Business & Sustainable Development Commission Discussion
A report by the Business & Sustainable Development Commission (whose commissioners include panelists Gavin Wilson, CEO of IFC Asset Management Company and Lise Kingo, CEO & Executive Director of the UN Global Compact) revealed that private capital and private businesses have the potential to unlock at least US$12 trillion in sustainable market opportunities by 2030. The report also claims that putting the UN’s Sustainable Development Goals (SDGs) to work could unleash monumental growth and productivity for private sector businesses.
Ms. Kingo suggested that if India (a US$1 trillion market opportunity for sustainable businesses) were to deliver on its SDG targets alone, the UN would be halfway to achieving its goals under the entire framework. Mr. Wilson cautioned that banking regulations are still impeding the flow of capital to development projects, creating a strain on the investment community but that by providing a database with consistent ESG standards for investment and utilizing blended finance, we can increase the bankability of projects. While the panelists agreed that measuring and benchmarking the impact of SDGs will be crucial for achieving these global goals, Sev Vettivetpillai, Managing Partner and Global Head of Impact Investing at The Abraaj Group, noted that private capital alone cannot achieve SDGs, but private sector partnerships with government and the society represent a meaningful pathway to progress.
Breakout Session: China
In the view of Yi Li, Partner at Lunar Capital, China’s economic development was unique. Though political stability is viewed as a prerequisite for economic growth, China’s leaders never imposed a one-size fits all policy, preferring a mixture of market-driven and government-led forces that protected some industries while subjecting others to competition. Ms. Li expressed optimism about the future of US-China relations, noting that the next generation of Chinese leaders had received a Western education and look at the US as a strong ally. Rob Petty, Managing Partner & Co-Founder of Clearwater Capital Partners, also highlighted the uniqueness of China’s five-year plan, which provides a source of stability in guiding economic development policy and investor expectations. Since it is a public document, the five-year plan acts as a powerful signal to investors, who have a fairly high degree of confidence in its execution. Mr. Petty also acknowledged the critical need for the development of a Chinese credit market but noted that government policy appears to be aligned with building a robust non-bank lending market in due time. In his view, the country has also developed a respected mechanism for enforcing legal documents, which further contributes to stability.

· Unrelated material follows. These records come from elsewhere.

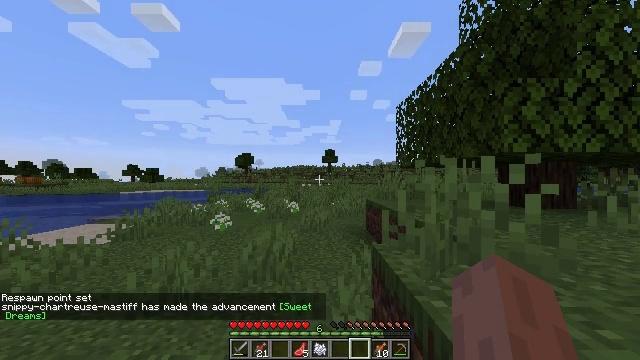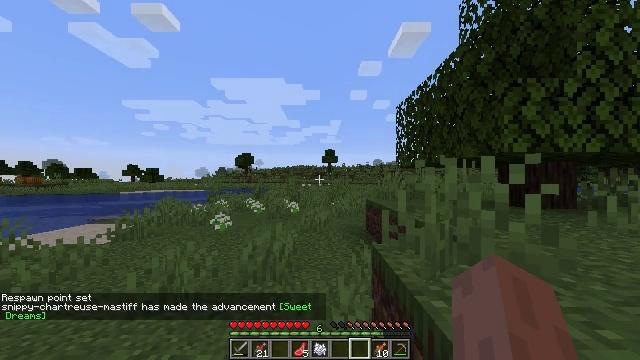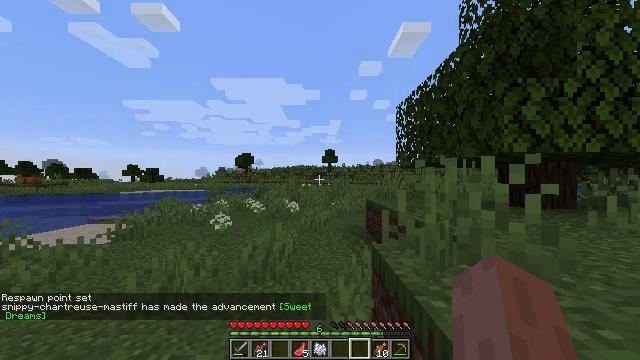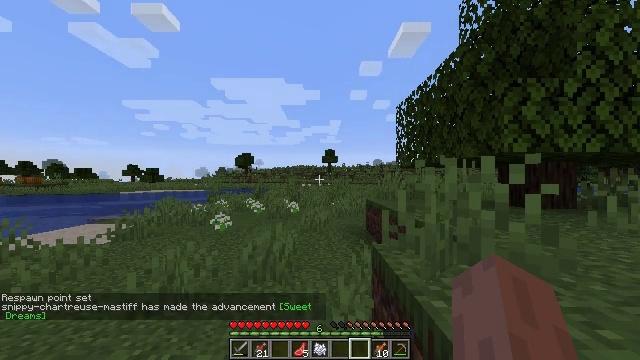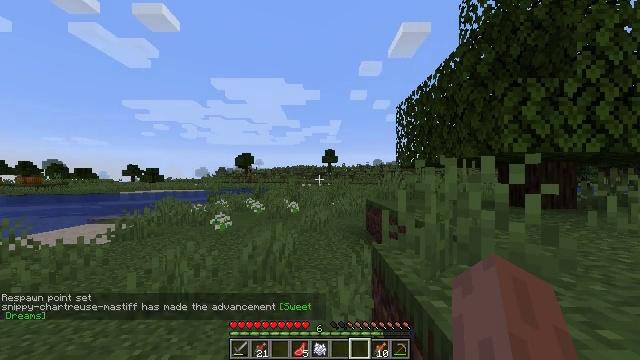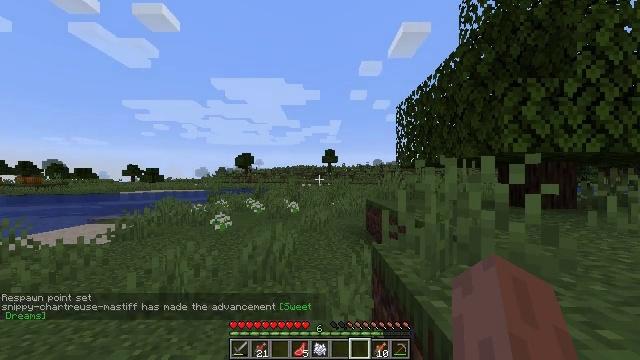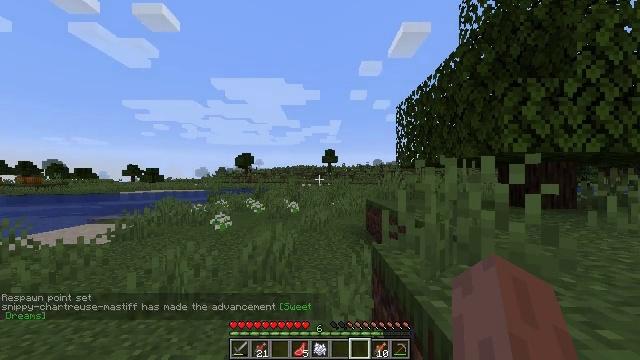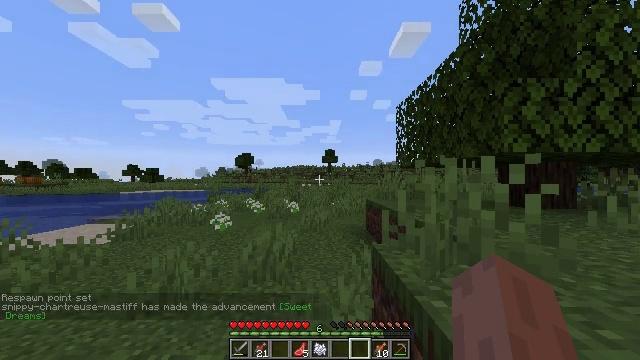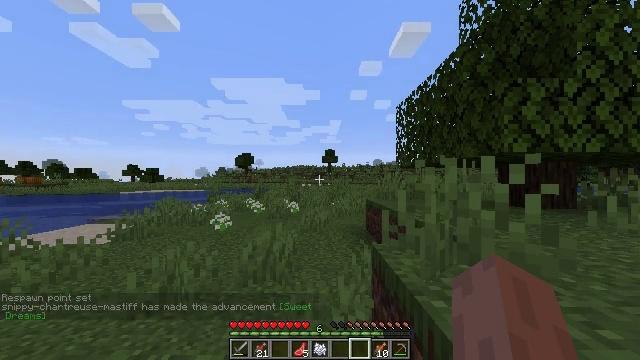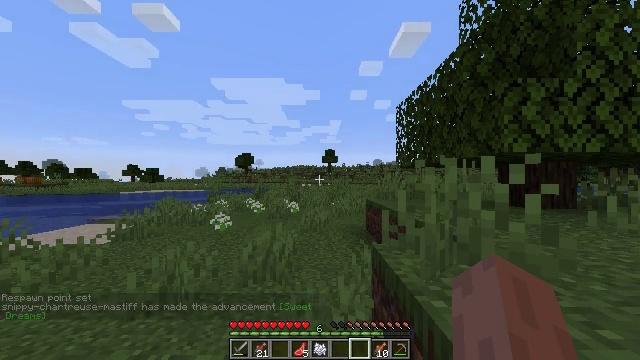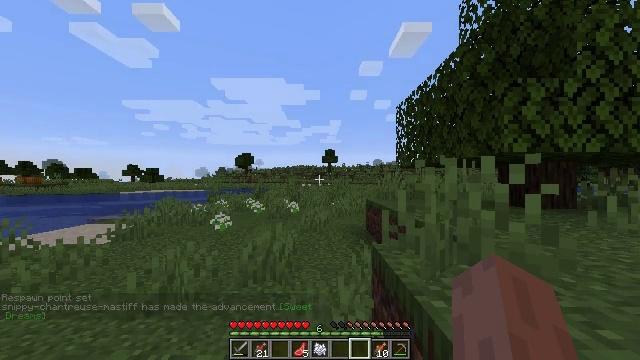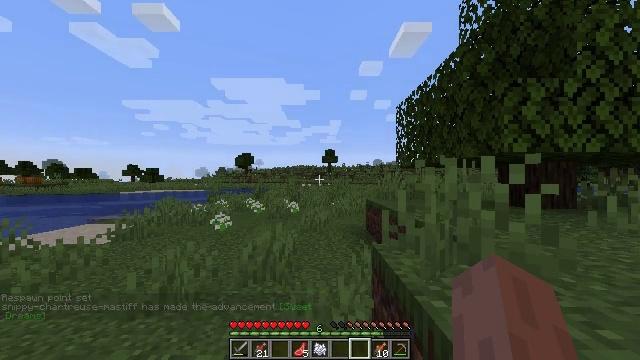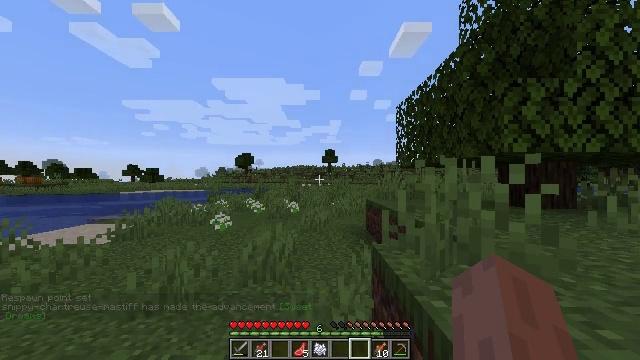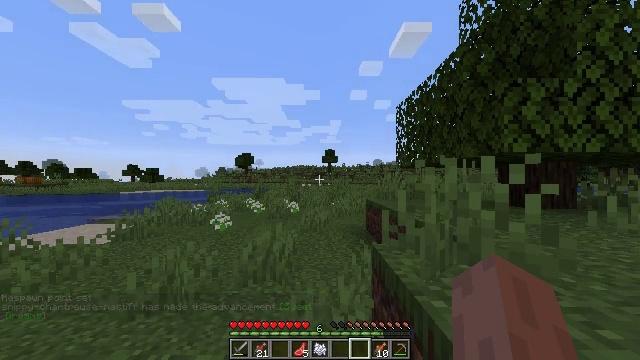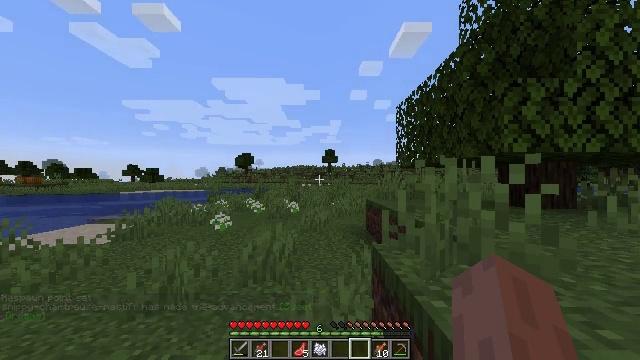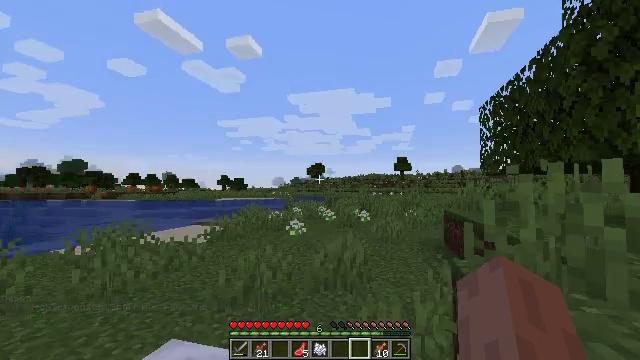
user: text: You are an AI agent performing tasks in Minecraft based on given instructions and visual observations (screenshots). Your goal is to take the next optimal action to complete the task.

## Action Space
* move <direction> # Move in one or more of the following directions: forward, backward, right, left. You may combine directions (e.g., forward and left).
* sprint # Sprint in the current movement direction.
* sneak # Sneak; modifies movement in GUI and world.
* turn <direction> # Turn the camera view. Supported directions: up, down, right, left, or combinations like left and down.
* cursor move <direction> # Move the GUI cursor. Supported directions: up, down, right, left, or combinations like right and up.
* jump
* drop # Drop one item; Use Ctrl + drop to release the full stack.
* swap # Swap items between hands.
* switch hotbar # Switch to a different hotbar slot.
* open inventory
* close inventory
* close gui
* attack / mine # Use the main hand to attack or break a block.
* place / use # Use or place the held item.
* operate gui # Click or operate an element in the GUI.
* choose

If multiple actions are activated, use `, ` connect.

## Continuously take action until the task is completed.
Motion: motion action
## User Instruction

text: Get cooked salmon by cooking raw salmon in the furnace.
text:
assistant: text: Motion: no_op
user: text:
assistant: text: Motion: no_op
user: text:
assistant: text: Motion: no_op
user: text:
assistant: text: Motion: no_op
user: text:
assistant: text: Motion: no_op
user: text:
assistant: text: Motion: no_op
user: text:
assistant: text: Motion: no_op
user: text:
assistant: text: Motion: no_op
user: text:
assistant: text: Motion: no_op
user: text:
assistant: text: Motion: no_op
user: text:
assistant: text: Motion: no_op
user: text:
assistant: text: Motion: no_op
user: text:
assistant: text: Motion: no_op
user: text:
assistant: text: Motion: no_op
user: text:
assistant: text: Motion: turn left and up
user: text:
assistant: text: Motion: turn left and up
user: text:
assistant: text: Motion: turn left and down
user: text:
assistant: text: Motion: turn left and down
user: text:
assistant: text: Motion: no_op
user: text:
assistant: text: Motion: no_op
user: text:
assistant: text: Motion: no_op
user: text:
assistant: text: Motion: no_op
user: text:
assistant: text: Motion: no_op
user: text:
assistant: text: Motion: move forward
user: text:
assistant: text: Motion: move forward
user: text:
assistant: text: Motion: move forward
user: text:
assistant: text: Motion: move forward, turn left and down
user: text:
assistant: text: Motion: move forward, turn left and down
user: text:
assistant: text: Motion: move forward, turn left and down
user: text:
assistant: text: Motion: move forward, turn left

Breakout Session: Latin America’s Rising Markets
Marco Peshiera, Managing Director and Head of Peru & Chile Buyout at the Carlyle Group, spoke about the favorable growth outlook within the Pacific Alliance thanks to favorable regulations, capital from private pension funds and low interest rates. Whereas investors used to approach investing in Latin America by concentrating their portfolios in certain countries, such as Brazil, regional flexibility will be important for protecting against economic and political risks going forward. Nick Rohatyn, CEO & CIO of The Rohatyn Group, suggested that both Mexico and Chile are facing critical moments in the political cycle in the near-future. In his view, Latin America PE investors need to be local to source the right investments but regional or global to achieve the best exits. Specifically, he pointed to opportunity in Argentina, whose reform programs are starting to create a favorable risk-reward trade off for investors even if many continue to stay away. Mr. Peshiera noted that Argentina still needs to put in place certain structural reforms, which include the creation of private pension funds and an independent central bank.
Breakout Session: Turkey
Leading investors in Turkey examined on-the-ground realities of investing in a market that could serve as the prime example of both the upside and downside of operating in emerging markets and generating outsized returns in them. The panelists discussed how recent devaluations have repressed both returns and margins; however, they cautioned that the image portrayed in the media of Turkey does not represent the full picture. Among the reasons why investors should take a closer look at this market, they highlighted reforms, such as R&D and investment incentives, established fund managers and lack of competition – the silver-lining of negative perceptions. The consumer sector, bolstered by a strong and substantial domestic market, was at the center of their case for Turkey. A. Murat Özgen, Chief Executive Officer of İş Private Equity highlighted the uptick the portfolio companies are seeing in 2017.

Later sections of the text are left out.